We may get a first glimpse of the results by inspecting the basic descriptive statistics. For this, we ignore texts shorter than 50 lemmas, because measures like TTR and MTLD become rather meaningless for very short compositions. It appears that MTLD varies from 9.5 all the way up to 487.3, with a mean value of 78.1. That means that there is a text that, on average, needs only 10 words (two or three lines) to push the TTR under 0.720 - meaning a lot of repeated words (or repeated phrases) all over the place.

In [None]:
lit_comp.loc[lit_comp.length > 50].describe()

#### 3.2.2 Adding Metadata
Above, we computed various statistics for each of the literary compositions. The catalog file for [epsd2/literary](http://oracc.org/epsd2/literary) contains further information (such as the composition name). Parsing the `catalogue.json` of an [ORACC](http://oracc.org) project is discussed in more detail in section [2.1.1](../2_1_Data_Acquisition_ORACC/2_1_1_parse-json-cat.ipynb).

In [None]:
file = "jsonzip/epsd2-literary.zip" # The ZIP file was downloaded in the previous notebook
z = zipfile.ZipFile(file) 
st = z.read("epsd2/literary/catalogue.json").decode("utf-8")
j = json.loads(st)
cat_df = pd.DataFrame(j["members"]).T
#The important information, giving the title of the literary text is sometimes found in 
# `designation` and sometimes in `subgenre`. Merge those two fields.
cat_df.loc[cat_df.designation.str[:13] == "CDLI Literary", "designation"] = cat_df.subgenre
# Exemplars have a P number (`id_text`), composite texts have a Q number (`id_composite`).
# Merge those two in `id_text`.
cat_df["id_text"] = cat_df["id_text"].fillna(cat_df["id_composite"])
# Keep only `id_text` and `designation`.
cat_df = cat_df[["id_text", "designation"]]

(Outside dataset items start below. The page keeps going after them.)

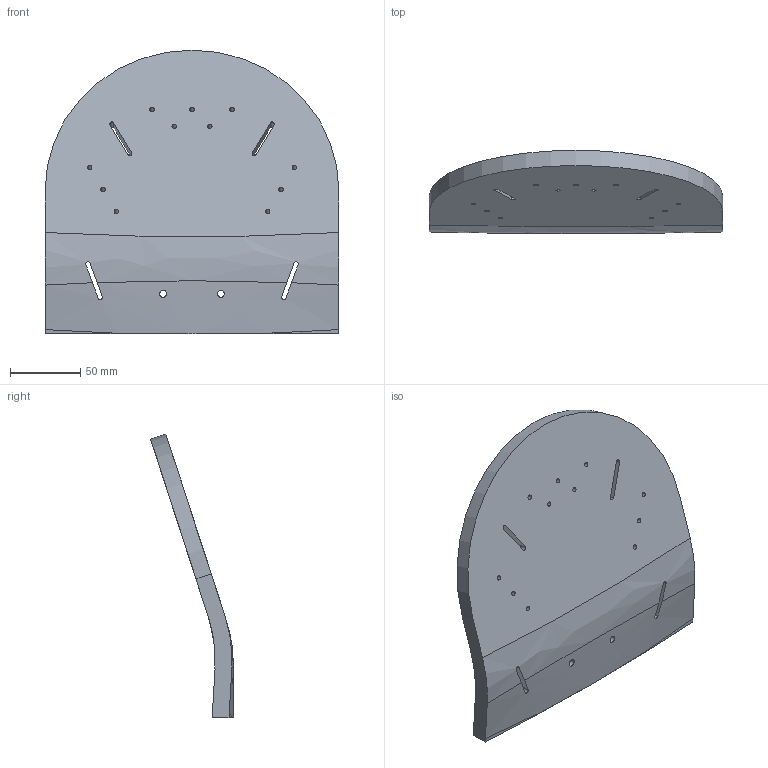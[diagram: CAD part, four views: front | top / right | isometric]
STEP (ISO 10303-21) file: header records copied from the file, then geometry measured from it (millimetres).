
FILE_DESCRIPTION(/* description */ (''),/* implementation_level */ '2;1');
FILE_NAME(/* name */ 'street.stp',/* time_stamp */ '2023-10-17T01:01:20-07:00',/* author */ ('devan'),/* organization */ (''),/* preprocessor_version */ 'ST-DEVELOPER v20',/* originating_system */ 'Autodesk Inventor 2024',/* authorisation */ '');
FILE_SCHEMA (('AUTOMOTIVE_DESIGN { 1 0 10303 214 3 1 1 }'));
Length unit declared in the file: inch
Products named in the file (1): 32
Bounding box: 209.55 x 59.09 x 202.44 mm (x, y, z)
Volume: 438885.8 mm3; surface area: 94029.5 mm2
Topology: 1 solids, 1 shells, 55 faces, 162 edges, 106 vertices
Faces by surface type: cylinder 27, plane 18, bspline 10
Full cylindrical faces by diameter (mm): 3.175 x11, 4.5 x2, 5 x2, 6.5 x3
Entity records: 3350 total; most frequent: CARTESIAN_POINT 1877, ORIENTED_EDGE 316, DIRECTION 236, EDGE_CURVE 158, VERTEX_POINT 106, EDGE_LOOP 90, AXIS2_PLACEMENT_3D 90, B_SPLINE_CURVE_WITH_KNOTS 58
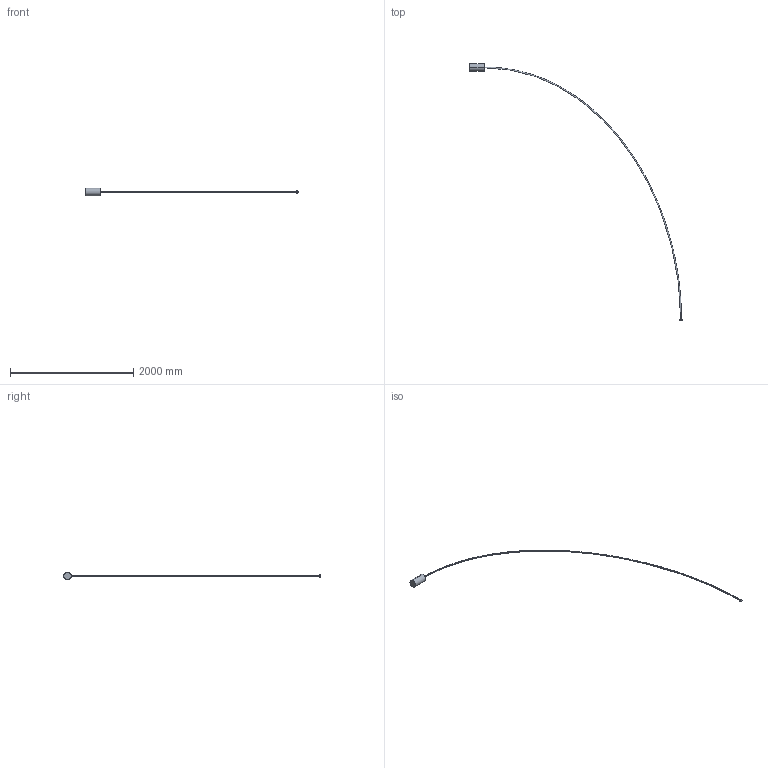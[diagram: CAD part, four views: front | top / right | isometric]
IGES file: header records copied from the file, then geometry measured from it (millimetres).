
Start section: SolidWorks IGES file using analytic representation for surfaces
Global section: file name: POLEx4 - Pole 04 Floor to Surface - 5 Sections.igs; native system: SolidWorks 2015; preprocessor: SolidWorks 2015; author: Design; date: 190925.140406; units: inch
Bounding box: 3450.56 x 4162.06 x 125 mm (x, y, z)
Volume: 3713333.6 mm3; surface area: 369577.2 mm2
Topology: 1 solids, 1 shells, 18 faces, 36 edges, 22 vertices
Faces by surface type: revolution 10, plane 4, bspline 4
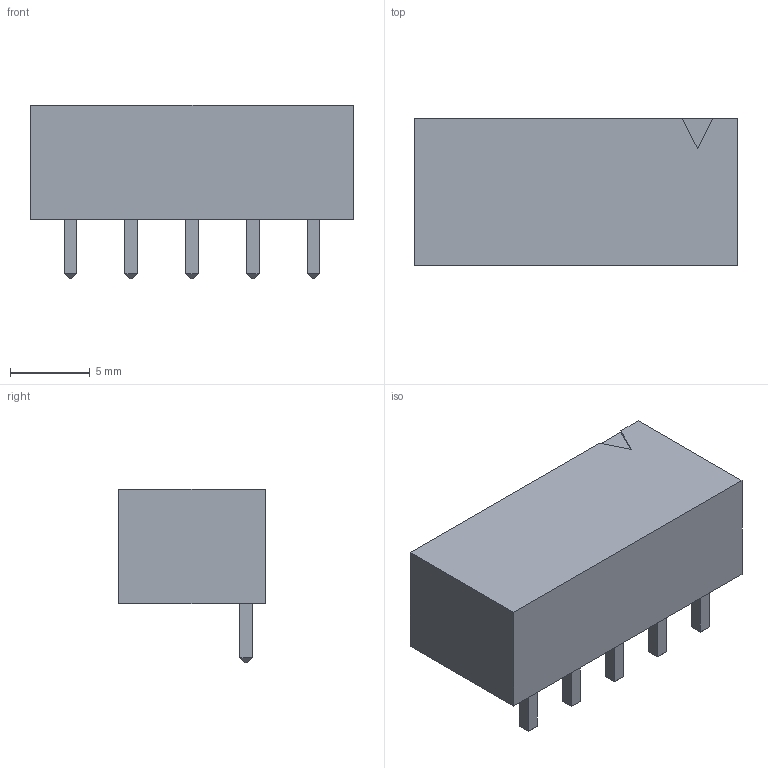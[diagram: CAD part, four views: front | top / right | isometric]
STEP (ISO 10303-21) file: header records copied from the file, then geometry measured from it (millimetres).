
FILE_DESCRIPTION(('FreeCAD Model'),'2;1');
FILE_NAME('464260.2.1.stp','2021-10-25T11:08:57',( 'Author'),(''),'Open CASCADE STEP processor 6.9','FreeCAD','Unknown' );
FILE_SCHEMA(('AUTOMOTIVE_DESIGN { 1 0 10303 214 1 1 1 1 }'));
Length unit declared in the file: millimetre
Products named in the file (3): ASSEMBLY; Body; LeadsArray
Assembly tree (2 placements, depth 2):
  ASSEMBLY
    Body
    LeadsArray
Bounding box: 20.24 x 9.2 x 10.9 mm (x, y, z)
Volume: 673.8 mm3; surface area: 1357.6 mm2
Topology: 6 solids, 6 shells, 104 faces, 233 edges, 142 vertices
Faces by surface type: plane 94, cylinder 10
Entity records: 5950 total; most frequent: CARTESIAN_POINT 1008, DIRECTION 923, LINE 659, VECTOR 659, ORIENTED_EDGE 466, PCURVE 466, DEFINITIONAL_REPRESENTATION 466, EDGE_CURVE 233
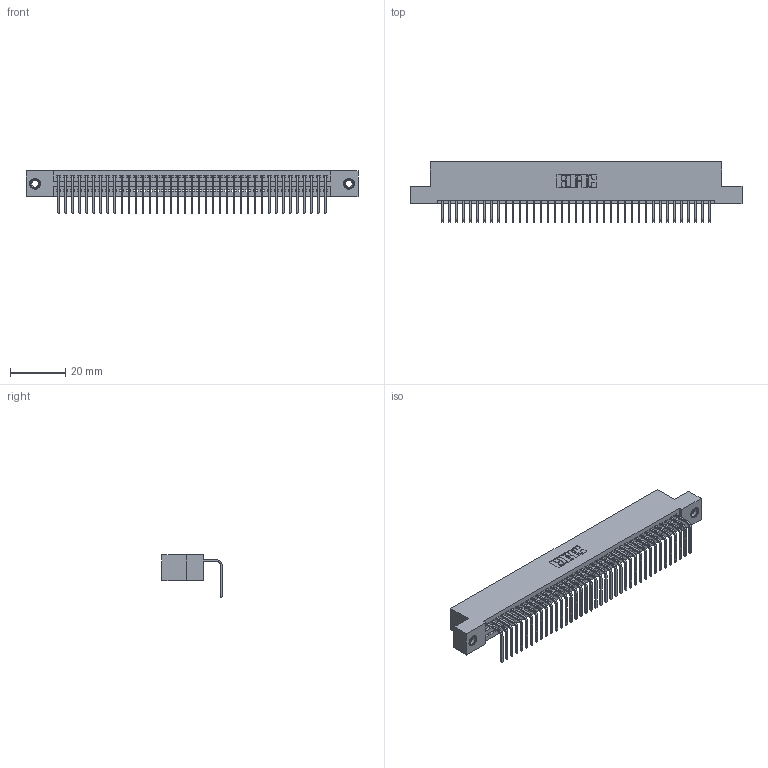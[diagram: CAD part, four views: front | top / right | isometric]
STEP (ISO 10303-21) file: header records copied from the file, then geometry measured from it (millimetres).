
FILE_DESCRIPTION (( 'STEP AP203' ), '1' );
FILE_NAME ('345-039-558-107.STEP', '2019-10-10T15:49:43', ( '' ), ( '' ), 'SwSTEP 2.0', 'SolidWorks 2016', '' );
FILE_SCHEMA (( 'CONFIG_CONTROL_DESIGN' ));
Length unit declared in the file: inch
Products named in the file (4): 345 Part_Flush Mounting Lugs - 0.156 Dia-TI; 345-292-001_558 Tail - 2; 345-250-001_345-250-005-103; 345-039-558-107
Assembly tree (42 placements, depth 2):
  345-039-558-107
    345 Part_Flush Mounting Lugs - 0.156 Dia-TI
    345-292-001_558 Tail - 2  x39
    345-250-001_345-250-005-103  x2
Bounding box: 120.27 x 21.83 x 15.37 mm (x, y, z)
Volume: 11515.1 mm3; surface area: 16057.9 mm2
Topology: 42 solids, 42 shells, 2526 faces, 7575 edges, 4990 vertices
Faces by surface type: plane 1750, cylinder 760, cone 12, torus 4
Entity records: 31026 total; most frequent: CARTESIAN_POINT 5356, ORIENTED_EDGE 5322, DIRECTION 4709, EDGE_CURVE 2661, VECTOR 2353, LINE 2353, VERTEX_POINT 1768, AXIS2_PLACEMENT_3D 1178

Merge the Lexical Richness statistics (`lit_comp`) with the number of lexical matches from the DTM (`lit_df`) by the shared field `id_text`. Merge the resulting DataFrame (`lit_df2`) with the metadata (`cat_df`). The merge method is "inner," which means that only those rows that exist in all three DataFrames will end up in the new DataFrame. Thus, the compositions with 0 lemmatized words, which were eliminated above, will not re-surface in the new DataFrame.

In [None]:
lit_df2 = pd.merge(lit_comp[["id_text", "length", "mtld", "ttr", "lex_var"]], cat_df, on = 'id_text', how = 'inner')
lit_df2

### 3.z.3 Exploring the Results
The following code displays the results in an interactive table that may be sorted (ascending or descending) in different ways for further exploration. By default, texts shorter than 50 lemmatized words are excluded and only the first 10 columns are displayed. One may change these numbers by moving the slides. The column `id_text` provides links to the editions in [epsd2/literary](http://oracc.org/epsd2/literary).

In [None]:
anchor = '<a href="http://oracc.org/epsd2/literary/{}", target="_blank">{}</a>'
lit = lit_df2.copy()
lit['id_text'] = [anchor.format(val,val) for val in lit['id_text']]
lit['PQ'] = ['Composite' if i[0] == 'Q' else 'Exemplar' for i in lit_df2['id_text']]

In [None]:
@interact(sort_by = lit.drop('PQ', axis=1).columns, rows = (1, len(lit), 1), min_length = (0,500,5), show = ["Exemplars", "Composites", "All"])
def sort_df(sort_by = "mtld", ascending = False, rows = 10, min_length = 200, show = "All"):
    if not show == 'All':
        l = lit.loc[lit['PQ'] == show[:-1]]
    else:
        l = lit
    l = l.drop('PQ', axis = 1)
    l = l.loc[l.length >= min_length].sort_values(by = sort_by, ascending = ascending).reset_index(drop=True)[:rows].style
    return l

#### 3.z.4 Discussion
A second issue of discussion is the usefulness of the MTLD measure. Which compositions score high on MTLD, and what does that tell us about these compositions? If we restrict the table to compositions (leaving exemplars out) and only take compositions that are at least 200 words long, the for top-scoring compositions on MTLD are all royal hymns: Enlil Bani A (253); Šulgi A (247); Išme-Dagan I (229); and Lipit-Eštar A (205). These numbers are very high, indeed. Enlil Bani A is only 312 words long, meaning that the TTR value only gets to the threshold value of .720 in the last quarter of the text (and that the text has only one full factor).